MULTOS is a high security, multi-application smart card operating system. It is governed by an open consortium of industry-wide companies, the MULTOS Consortium, who manage and license the MULTOS specifications, which cover all stages of the smart device lifecycle.
The MULTOS Consortium is a group of cross-industry global organizations with the objective of promoting the MULTOS high security multi-application platform as a standard for smart cards across all market segments. The consortium governs the development of the technology in line with customer needs, sets policies for the open licensing of the MULTOS specifications, and ensures the interoperability and interchangeability of platforms from many vendors through the stringent Type Approval and Security Evaluation policies of the MULTOS platform. As of 2014, over 500 million MULTOS cards have been deployed worldwide in sectors including payments, ID and transit.
For more information visit: http://www.multos.com.
Many new secure ID system implementations are using both biometrics and smart cards to improve the security and privacy of the ID system.

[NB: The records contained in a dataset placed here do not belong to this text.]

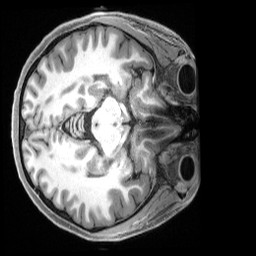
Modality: T1w
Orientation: axial
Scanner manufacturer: siemens
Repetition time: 2.5 s
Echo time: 0.00231 s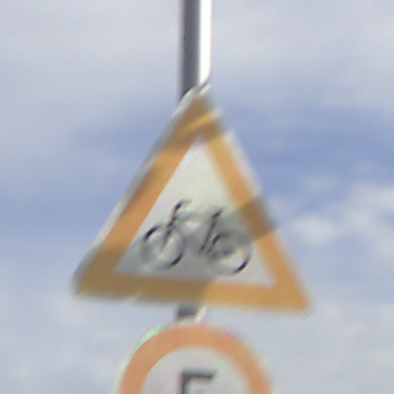
Verkehrszeichen: RadverkehrRechts
Zusatzzeichen unten: Geschwindigkeit5
Umgebung: Outdoor, Suburban
Tageszeit: MorningAfternoon
Wetter: PartlyCloudy
Licht: Natural
Jahreszeit: NotSpecified
Kontrast: HighContrast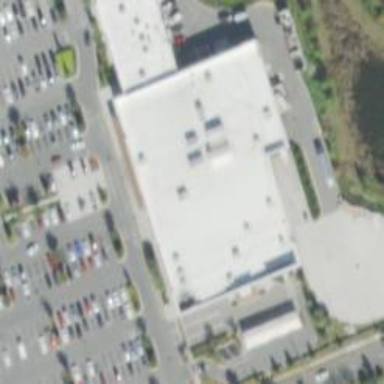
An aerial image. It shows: Supermarket.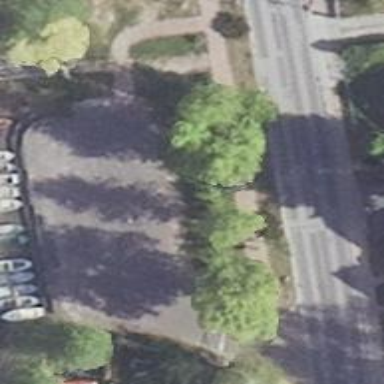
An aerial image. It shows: Parking area with surface.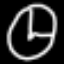
Label: clock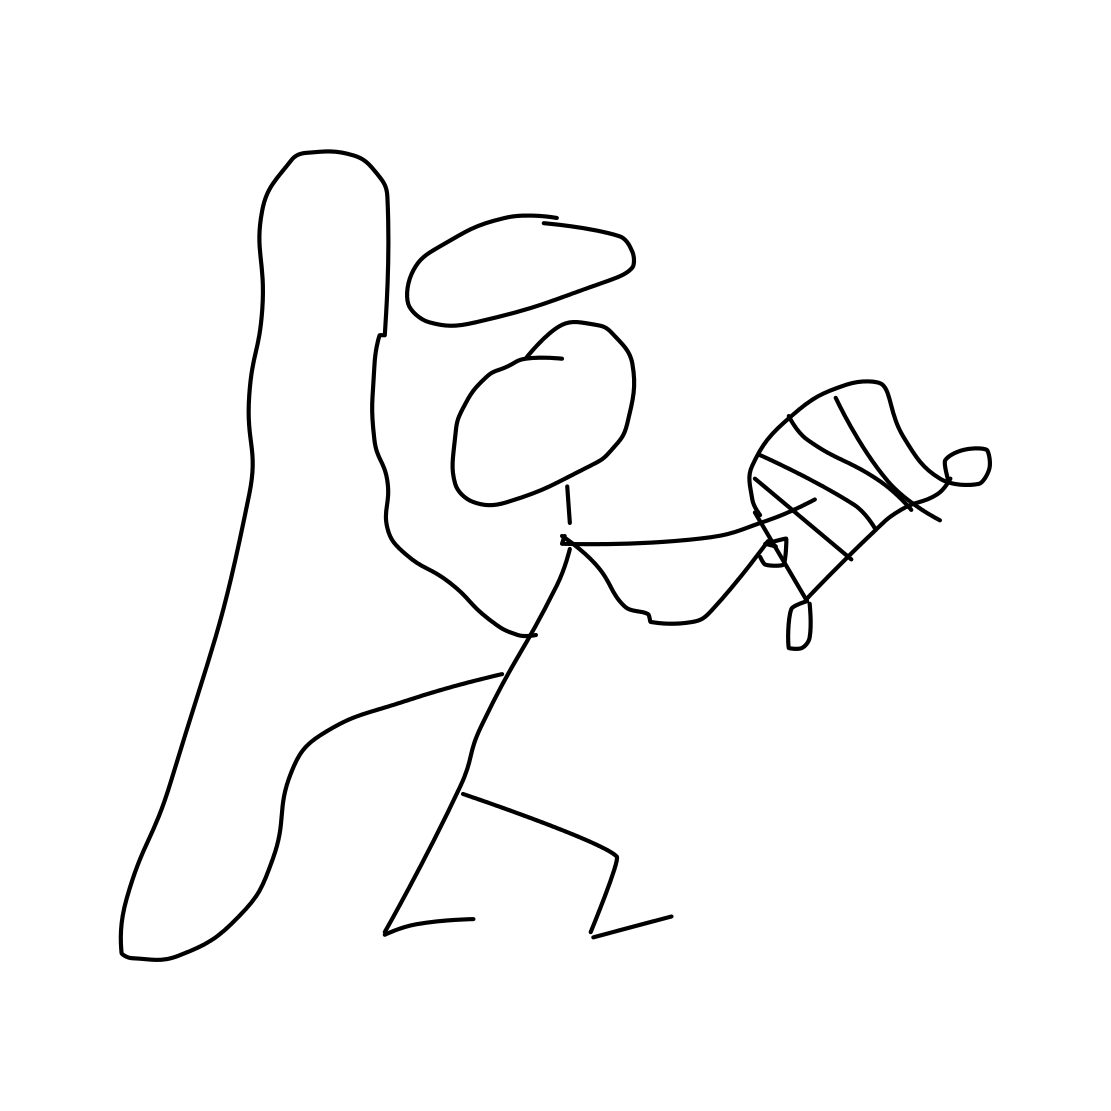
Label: angel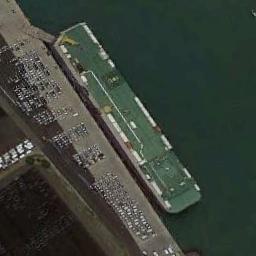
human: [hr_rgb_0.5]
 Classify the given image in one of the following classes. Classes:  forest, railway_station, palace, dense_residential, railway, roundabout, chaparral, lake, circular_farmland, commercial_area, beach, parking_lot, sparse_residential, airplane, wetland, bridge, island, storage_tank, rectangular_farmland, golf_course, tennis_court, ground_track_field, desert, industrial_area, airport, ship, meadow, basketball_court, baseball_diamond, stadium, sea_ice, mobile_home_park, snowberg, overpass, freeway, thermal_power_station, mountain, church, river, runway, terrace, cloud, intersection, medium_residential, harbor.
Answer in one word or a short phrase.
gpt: ship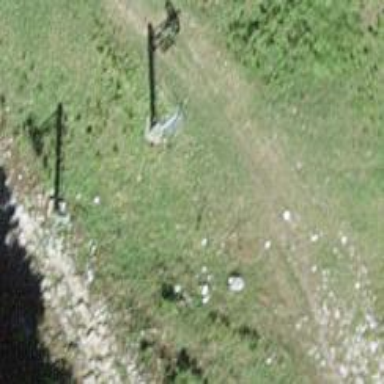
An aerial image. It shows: Pylon used for aerialway.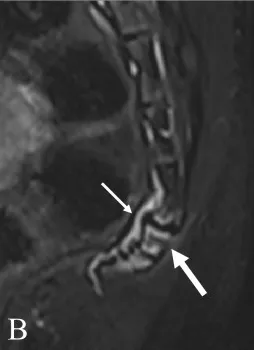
Follow-up one year after initial examination (-T1W.
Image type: radiology (mri)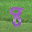
Label: 8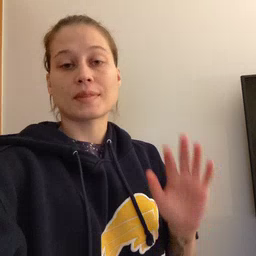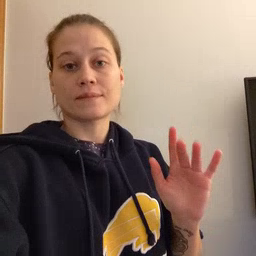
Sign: finger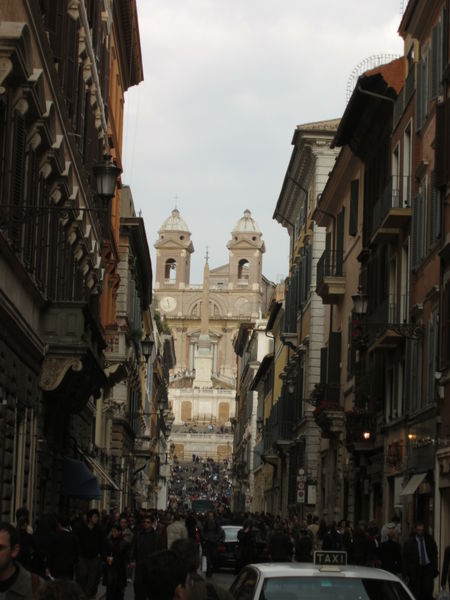
Titel: Rom, Spanische Treppe
Künstler: Francesco de Sanctis
Standort: Rom, Spanische Treppe (EU - I - Latium)
Schlagwörter: weiß, menschen, strasse, beige, architektur, barock, spitze, häuser, kirche, renaissance, balkon, fassade, fassaden, gasse, italien, venedig, farbe, schlucht, auto, treppe, uhr, foto, fotografie, spanisch, glockenturm, türme, dom, rom, dreiecksgiebel, obelisk, glocken, doppelturmfassade, blendfassade, häuserschlucht, taxi, schlucjt, cincocento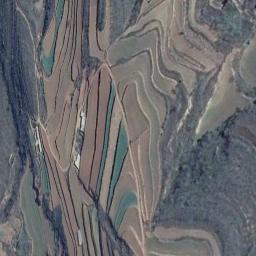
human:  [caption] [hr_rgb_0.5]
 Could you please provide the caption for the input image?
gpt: Many green plants are on the terrace .

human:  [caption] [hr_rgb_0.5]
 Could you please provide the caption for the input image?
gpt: The bare and green terrace is next to some trees .

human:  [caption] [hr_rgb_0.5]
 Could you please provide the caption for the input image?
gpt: A large layer of brown and green mixed terraces with several winding narrow paths .

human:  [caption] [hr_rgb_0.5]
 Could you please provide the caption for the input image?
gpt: There is a winding path between the terraces .

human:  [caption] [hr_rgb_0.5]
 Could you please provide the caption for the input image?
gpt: There are green meadows beside the terraces .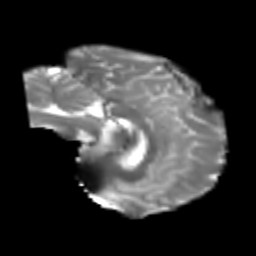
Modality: T2w
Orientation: sagittal
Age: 23
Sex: male
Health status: healthy

- ANSI-INCITS 358-2002, BioAPI Specification – (ISO/IEC 19784-1). BioAPI is intended to provide a high-level generic biometric authentication model–one suited for any form of biometric technology. It covers the basic functions of enrollment, verification, and identification, and includes a database interface to allow a biometric service provider (BSP) to manage the technology device and identification population for optimum performance. It also provides primitives that allow the application to separately manage the capture of samples on a client workstation, and the enrollment, verification, and identification functions on a server. The BioAPI framework has been ported to Win32, Linux, UNIX, and WinCE. Note that BioAPI is not optimum for a microcontroller environment such as might be embedded within a door access control reader unit or within a smart card processor. BioAPI is more suitable when there is a general-purpose computer available.
- ANSI-INCITS 398, Common Biometric Exchange Formats Framework (CBEFF) – (ISO/IEC 19785-1). The Common Biometric Exchange Formats Framework (CBEFF) describes a set of data elements necessary to support biometric technologies and exchange data in a common way. These data can be placed in a single file used to exchange biometric information between different system components or between systems. The result promotes interoperability of biometric-based application programs and systems developed by different vendors by allowing biometric data interchange. This specification is a revised (and augmented) version of the original CBEFF, the Common Biometric Exchange File Format, originally published as NISTIR 6529.
- ANSI-INCITS Biometric Data Format Interchange Standards. ANSI-INCITS has created a series of standards specifying the interchange format for the exchange of biometric data. These standards specify a data record interchange format for storing, recording, and transmitting the information from a biometric sample within a CBEFF data structure. The ANSI-INCITS published data interchange standards are shown below. The ISO equivalent standards for each are in process but not yet finalized.
- ANSI-INCITS 377-2004 – Finger Pattern Based Interchange Format
- ANSI-INCITS 378-2004 – Finger Minutiae Format for Data Interchange
- ANSI-INCITS 379-2004 – Iris Interchange Format
- ANSI-INCITS 381-2004 – Finger Image Based Interchange Format
- ANSI-INCITS 385-2004 – Face Recognition Format for Data Interchange
- ANSI-INCITS 395-2005 – Signature/Sign Image Based Interchange Format
- ANSI-INCITS 396-2004 – Hand Geometry Interchange Format
- ISO/IEC 19794 series on biometric data interchange formats. Part 1 is the framework, Part 2 defines the finger minutiae data, Part 3 defines the finger pattern spectral data, Part 4 defines the finger image data, Part 5 defines the face image data, Part 6 defines the iris image data, and still in development, Part 7 will define the signature/sign time series data, Part 8 will define the finger pattern skeletal data and Part 8 will define the vascular image data.